# EXERCISE
Going through the listing below, tally the lines that contain the word "Koncovka" and give only that figure.

________________________

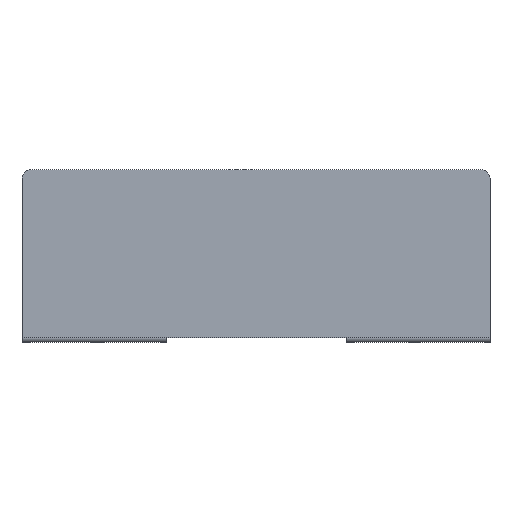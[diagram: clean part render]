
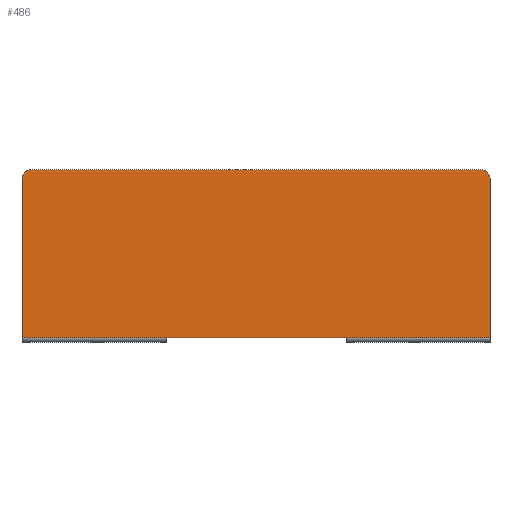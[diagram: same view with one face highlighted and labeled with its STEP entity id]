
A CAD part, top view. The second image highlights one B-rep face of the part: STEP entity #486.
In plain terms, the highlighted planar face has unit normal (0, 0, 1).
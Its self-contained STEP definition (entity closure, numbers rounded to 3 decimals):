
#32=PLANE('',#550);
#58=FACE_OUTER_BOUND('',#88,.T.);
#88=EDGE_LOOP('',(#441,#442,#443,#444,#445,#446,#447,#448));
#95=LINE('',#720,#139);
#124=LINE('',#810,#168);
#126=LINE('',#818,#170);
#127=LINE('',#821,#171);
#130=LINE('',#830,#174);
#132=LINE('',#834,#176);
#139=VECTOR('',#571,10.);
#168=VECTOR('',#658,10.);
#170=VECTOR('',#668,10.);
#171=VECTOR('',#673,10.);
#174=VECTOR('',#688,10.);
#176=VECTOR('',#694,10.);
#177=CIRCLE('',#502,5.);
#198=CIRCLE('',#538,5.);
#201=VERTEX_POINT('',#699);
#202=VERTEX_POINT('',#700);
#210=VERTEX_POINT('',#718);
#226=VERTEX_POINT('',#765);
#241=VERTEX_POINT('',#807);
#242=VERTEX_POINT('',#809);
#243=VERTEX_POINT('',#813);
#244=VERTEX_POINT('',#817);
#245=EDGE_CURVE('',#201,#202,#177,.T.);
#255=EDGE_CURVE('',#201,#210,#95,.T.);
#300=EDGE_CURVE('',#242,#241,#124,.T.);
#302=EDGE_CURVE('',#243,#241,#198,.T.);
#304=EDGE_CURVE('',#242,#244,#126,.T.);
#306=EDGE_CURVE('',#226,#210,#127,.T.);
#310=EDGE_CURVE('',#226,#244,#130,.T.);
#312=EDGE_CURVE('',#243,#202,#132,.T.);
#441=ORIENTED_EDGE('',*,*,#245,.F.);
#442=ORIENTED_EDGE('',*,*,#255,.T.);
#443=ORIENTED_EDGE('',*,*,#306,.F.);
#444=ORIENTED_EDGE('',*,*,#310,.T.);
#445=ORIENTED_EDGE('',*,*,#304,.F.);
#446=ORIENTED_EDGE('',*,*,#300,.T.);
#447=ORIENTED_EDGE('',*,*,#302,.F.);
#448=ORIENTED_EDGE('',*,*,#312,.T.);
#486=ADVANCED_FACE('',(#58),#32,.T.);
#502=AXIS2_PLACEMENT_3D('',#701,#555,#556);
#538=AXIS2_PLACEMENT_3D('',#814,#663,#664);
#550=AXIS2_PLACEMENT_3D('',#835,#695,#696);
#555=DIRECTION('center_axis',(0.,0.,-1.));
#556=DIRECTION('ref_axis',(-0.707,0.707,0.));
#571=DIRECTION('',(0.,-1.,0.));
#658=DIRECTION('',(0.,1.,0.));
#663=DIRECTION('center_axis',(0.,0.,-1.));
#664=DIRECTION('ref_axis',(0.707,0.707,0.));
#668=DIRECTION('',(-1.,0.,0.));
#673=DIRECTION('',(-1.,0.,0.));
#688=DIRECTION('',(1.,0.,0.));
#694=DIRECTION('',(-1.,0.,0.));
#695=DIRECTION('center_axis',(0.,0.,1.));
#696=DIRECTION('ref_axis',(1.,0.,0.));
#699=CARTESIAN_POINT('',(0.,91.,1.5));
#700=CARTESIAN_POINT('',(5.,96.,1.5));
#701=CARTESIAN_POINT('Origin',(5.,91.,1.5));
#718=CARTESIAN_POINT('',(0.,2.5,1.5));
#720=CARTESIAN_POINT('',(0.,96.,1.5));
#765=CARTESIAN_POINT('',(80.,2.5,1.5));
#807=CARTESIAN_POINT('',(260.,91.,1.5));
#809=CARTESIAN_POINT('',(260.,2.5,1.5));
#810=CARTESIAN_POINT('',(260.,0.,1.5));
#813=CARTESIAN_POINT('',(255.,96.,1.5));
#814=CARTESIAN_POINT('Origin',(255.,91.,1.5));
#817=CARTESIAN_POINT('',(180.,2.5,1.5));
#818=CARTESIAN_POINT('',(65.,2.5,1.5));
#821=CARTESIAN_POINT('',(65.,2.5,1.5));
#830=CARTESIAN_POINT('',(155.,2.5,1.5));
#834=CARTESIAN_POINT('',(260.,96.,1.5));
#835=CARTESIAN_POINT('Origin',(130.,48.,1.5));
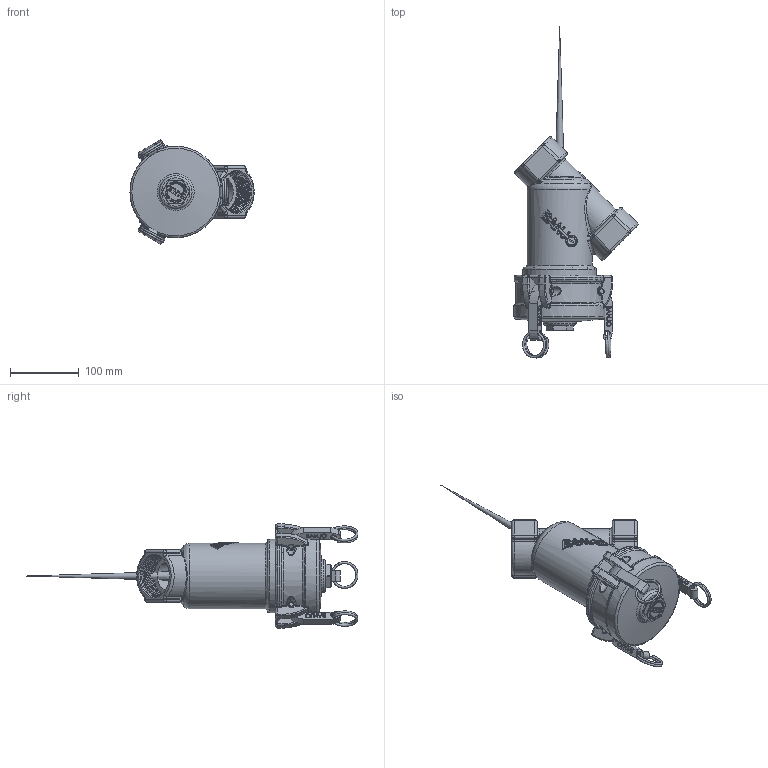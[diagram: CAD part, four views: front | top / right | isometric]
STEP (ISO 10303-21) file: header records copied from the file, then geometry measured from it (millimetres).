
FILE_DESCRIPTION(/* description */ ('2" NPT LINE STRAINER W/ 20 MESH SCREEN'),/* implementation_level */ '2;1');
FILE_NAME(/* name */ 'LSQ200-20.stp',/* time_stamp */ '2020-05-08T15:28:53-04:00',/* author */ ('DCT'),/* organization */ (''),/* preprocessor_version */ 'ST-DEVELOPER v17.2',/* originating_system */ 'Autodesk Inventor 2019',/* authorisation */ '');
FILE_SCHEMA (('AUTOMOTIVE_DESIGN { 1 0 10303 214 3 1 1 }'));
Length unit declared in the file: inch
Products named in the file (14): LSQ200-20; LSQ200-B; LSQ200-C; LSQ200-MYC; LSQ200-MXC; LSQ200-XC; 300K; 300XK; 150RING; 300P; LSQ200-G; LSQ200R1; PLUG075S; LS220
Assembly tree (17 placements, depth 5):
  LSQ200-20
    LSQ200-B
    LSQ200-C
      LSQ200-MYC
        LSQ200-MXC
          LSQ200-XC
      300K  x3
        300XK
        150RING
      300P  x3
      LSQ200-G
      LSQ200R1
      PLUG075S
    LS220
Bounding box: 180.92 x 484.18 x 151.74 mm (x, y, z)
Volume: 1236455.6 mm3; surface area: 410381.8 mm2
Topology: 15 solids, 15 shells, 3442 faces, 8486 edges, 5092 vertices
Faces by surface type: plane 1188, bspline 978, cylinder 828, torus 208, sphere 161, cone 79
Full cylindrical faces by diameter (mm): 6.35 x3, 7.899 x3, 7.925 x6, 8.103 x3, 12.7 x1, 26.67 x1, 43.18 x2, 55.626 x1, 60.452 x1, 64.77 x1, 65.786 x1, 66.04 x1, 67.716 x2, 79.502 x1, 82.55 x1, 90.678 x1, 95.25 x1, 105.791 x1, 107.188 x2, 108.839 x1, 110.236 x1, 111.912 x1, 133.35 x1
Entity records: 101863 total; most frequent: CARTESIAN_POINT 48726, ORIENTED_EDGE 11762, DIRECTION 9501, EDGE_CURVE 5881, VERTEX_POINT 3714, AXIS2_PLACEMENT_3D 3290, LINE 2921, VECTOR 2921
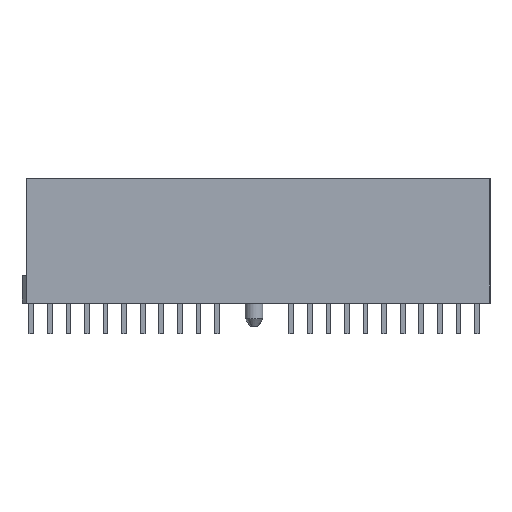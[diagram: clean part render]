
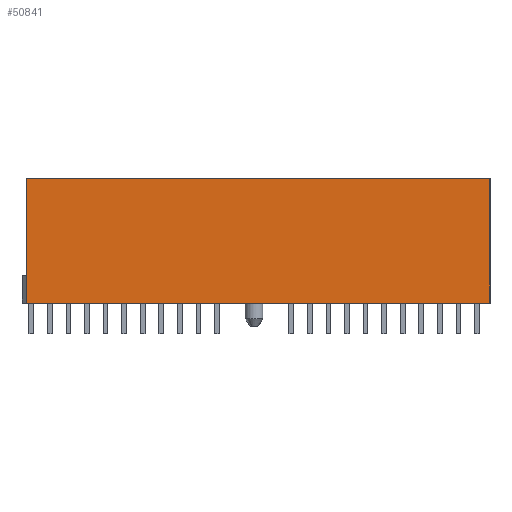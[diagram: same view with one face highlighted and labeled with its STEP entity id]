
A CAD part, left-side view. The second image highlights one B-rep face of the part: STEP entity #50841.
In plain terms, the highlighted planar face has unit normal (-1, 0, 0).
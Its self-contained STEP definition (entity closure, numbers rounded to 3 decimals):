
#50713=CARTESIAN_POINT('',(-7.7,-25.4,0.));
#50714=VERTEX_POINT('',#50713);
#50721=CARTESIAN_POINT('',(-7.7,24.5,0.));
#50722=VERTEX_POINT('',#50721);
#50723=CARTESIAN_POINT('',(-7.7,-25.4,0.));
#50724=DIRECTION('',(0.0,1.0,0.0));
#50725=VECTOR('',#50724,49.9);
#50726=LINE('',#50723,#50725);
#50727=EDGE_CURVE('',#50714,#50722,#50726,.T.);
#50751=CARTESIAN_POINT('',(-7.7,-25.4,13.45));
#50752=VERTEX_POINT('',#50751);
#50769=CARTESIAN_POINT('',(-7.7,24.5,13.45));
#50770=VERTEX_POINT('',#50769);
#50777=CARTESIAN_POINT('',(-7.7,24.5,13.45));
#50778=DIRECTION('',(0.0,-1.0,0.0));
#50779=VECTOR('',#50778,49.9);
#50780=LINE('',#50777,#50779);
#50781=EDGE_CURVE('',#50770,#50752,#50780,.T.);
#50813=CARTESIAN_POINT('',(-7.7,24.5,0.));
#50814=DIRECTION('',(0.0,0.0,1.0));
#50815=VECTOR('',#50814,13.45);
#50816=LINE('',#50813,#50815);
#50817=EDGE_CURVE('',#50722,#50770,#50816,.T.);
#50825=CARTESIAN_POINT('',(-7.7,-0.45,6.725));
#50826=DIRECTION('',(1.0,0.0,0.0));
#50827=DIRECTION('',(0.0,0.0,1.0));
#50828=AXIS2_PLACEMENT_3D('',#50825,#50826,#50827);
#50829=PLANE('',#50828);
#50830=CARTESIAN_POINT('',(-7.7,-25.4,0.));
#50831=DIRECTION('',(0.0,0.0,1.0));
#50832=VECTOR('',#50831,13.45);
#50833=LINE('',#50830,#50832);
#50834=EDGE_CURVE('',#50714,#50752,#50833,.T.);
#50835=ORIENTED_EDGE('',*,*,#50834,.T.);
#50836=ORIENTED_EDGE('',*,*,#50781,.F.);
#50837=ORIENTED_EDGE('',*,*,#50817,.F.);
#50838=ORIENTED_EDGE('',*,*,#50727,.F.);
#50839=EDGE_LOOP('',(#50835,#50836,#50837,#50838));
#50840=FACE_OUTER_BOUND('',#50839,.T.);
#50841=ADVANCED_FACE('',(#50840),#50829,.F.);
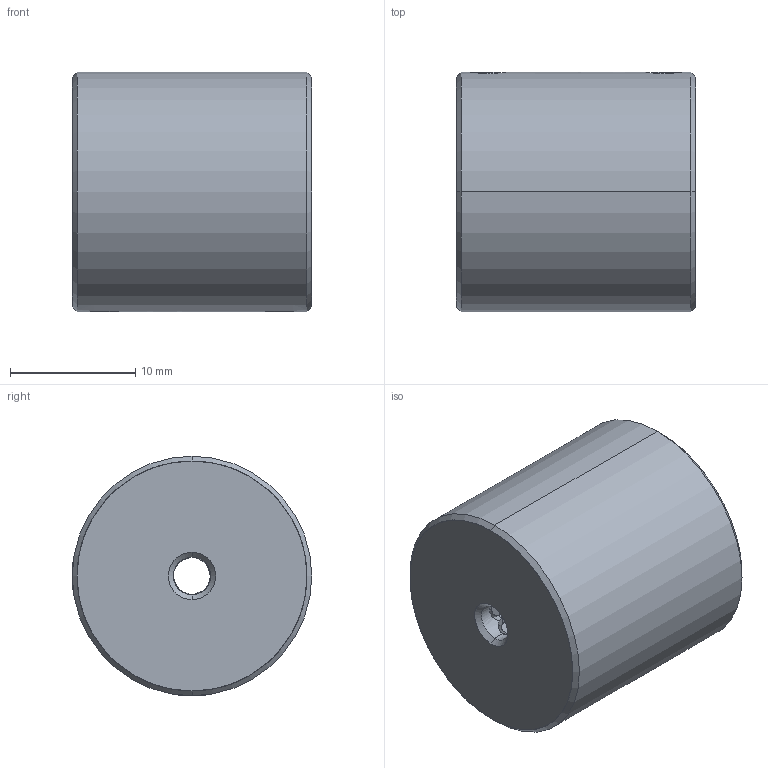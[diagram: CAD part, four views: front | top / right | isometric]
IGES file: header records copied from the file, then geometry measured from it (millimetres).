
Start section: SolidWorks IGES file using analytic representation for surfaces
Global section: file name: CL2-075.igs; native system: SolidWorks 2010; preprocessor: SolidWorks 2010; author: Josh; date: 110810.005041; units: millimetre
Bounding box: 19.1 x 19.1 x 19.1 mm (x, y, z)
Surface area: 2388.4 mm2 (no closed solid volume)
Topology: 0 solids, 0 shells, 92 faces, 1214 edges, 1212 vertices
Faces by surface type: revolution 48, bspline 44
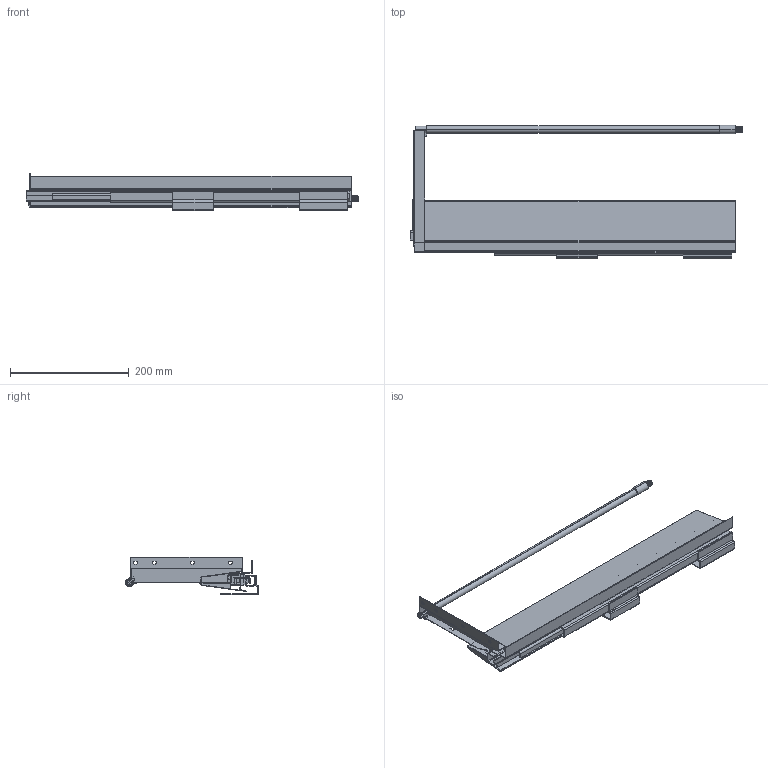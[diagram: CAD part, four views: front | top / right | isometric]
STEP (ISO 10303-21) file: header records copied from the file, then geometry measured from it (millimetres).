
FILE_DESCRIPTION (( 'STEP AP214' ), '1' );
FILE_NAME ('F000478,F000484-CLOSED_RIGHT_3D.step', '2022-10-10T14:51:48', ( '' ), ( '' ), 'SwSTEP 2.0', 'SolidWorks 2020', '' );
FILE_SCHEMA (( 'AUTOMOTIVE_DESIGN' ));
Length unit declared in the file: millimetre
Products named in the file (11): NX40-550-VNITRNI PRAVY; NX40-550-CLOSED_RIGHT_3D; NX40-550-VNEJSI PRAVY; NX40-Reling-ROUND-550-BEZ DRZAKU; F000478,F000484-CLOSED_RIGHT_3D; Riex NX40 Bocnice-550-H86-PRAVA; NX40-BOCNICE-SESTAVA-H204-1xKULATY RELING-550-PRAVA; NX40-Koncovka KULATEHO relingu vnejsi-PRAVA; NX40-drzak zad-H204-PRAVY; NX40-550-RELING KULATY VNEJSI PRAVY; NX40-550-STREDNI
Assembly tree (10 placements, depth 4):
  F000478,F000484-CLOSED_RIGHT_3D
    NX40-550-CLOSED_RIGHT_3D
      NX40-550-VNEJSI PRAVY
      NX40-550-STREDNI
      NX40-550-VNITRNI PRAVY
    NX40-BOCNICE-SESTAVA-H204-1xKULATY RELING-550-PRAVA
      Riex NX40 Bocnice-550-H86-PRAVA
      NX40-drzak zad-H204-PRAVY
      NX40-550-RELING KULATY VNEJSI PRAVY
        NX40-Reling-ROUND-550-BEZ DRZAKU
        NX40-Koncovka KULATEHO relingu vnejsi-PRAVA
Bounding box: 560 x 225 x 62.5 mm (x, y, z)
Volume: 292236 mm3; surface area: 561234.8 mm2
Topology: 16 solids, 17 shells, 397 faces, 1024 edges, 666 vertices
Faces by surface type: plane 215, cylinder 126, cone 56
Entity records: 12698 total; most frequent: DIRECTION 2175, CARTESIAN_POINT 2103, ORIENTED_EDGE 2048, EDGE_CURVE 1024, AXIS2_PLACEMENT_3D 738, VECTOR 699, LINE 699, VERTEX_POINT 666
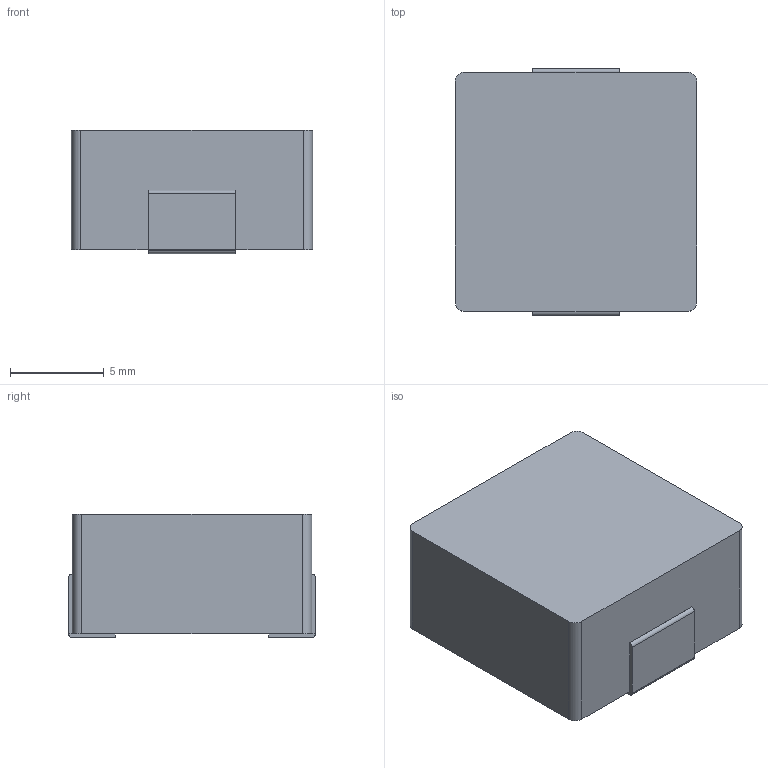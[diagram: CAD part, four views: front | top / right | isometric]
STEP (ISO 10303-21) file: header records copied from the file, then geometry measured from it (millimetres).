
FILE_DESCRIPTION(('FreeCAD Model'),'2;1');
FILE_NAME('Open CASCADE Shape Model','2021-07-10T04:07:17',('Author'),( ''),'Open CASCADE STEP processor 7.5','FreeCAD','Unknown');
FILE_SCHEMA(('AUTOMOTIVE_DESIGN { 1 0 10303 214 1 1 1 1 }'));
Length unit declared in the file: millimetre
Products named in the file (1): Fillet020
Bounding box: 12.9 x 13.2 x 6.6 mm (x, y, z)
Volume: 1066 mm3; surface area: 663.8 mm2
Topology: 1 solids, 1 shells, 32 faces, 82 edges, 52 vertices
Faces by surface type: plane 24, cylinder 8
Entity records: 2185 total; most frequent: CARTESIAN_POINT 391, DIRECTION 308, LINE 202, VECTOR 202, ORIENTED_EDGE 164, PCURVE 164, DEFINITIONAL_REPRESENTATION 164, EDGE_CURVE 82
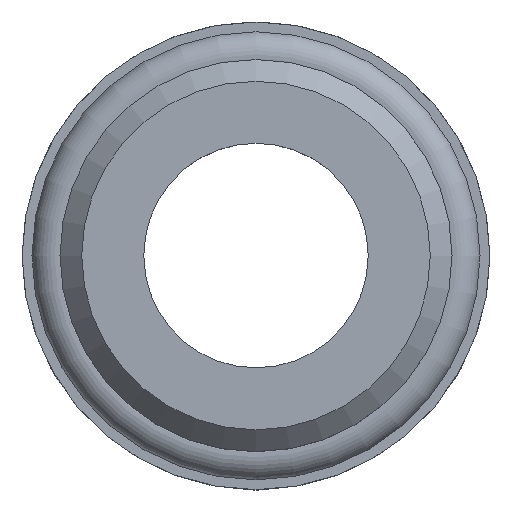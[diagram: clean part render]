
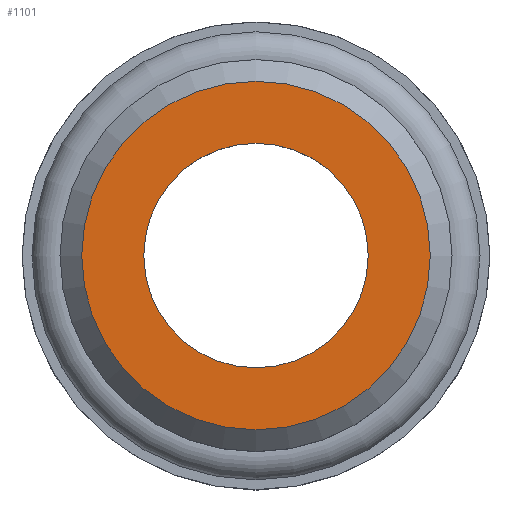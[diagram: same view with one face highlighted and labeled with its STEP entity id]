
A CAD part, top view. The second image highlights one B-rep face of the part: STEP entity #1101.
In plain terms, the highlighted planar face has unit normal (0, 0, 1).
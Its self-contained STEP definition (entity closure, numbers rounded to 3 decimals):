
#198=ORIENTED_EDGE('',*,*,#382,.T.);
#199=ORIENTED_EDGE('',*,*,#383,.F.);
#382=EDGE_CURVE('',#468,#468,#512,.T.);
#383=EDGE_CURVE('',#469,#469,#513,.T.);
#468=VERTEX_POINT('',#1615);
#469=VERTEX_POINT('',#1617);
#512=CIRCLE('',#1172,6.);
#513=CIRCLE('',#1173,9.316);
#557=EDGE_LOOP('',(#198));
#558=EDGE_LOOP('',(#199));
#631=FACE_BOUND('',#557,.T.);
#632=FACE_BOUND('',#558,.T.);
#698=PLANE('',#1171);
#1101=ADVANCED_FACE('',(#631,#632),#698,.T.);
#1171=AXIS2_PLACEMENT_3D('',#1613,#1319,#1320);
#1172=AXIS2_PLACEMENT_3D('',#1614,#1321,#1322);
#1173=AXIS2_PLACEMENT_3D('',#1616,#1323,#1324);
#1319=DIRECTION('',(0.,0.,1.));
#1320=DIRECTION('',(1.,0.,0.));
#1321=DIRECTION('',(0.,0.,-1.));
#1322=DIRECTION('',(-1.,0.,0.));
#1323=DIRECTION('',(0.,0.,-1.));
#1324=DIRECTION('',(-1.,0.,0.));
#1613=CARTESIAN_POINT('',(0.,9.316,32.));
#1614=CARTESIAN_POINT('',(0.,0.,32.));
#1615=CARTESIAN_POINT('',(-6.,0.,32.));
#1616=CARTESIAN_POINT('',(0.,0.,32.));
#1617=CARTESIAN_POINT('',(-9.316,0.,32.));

________________________

# ANSWER SECTION
2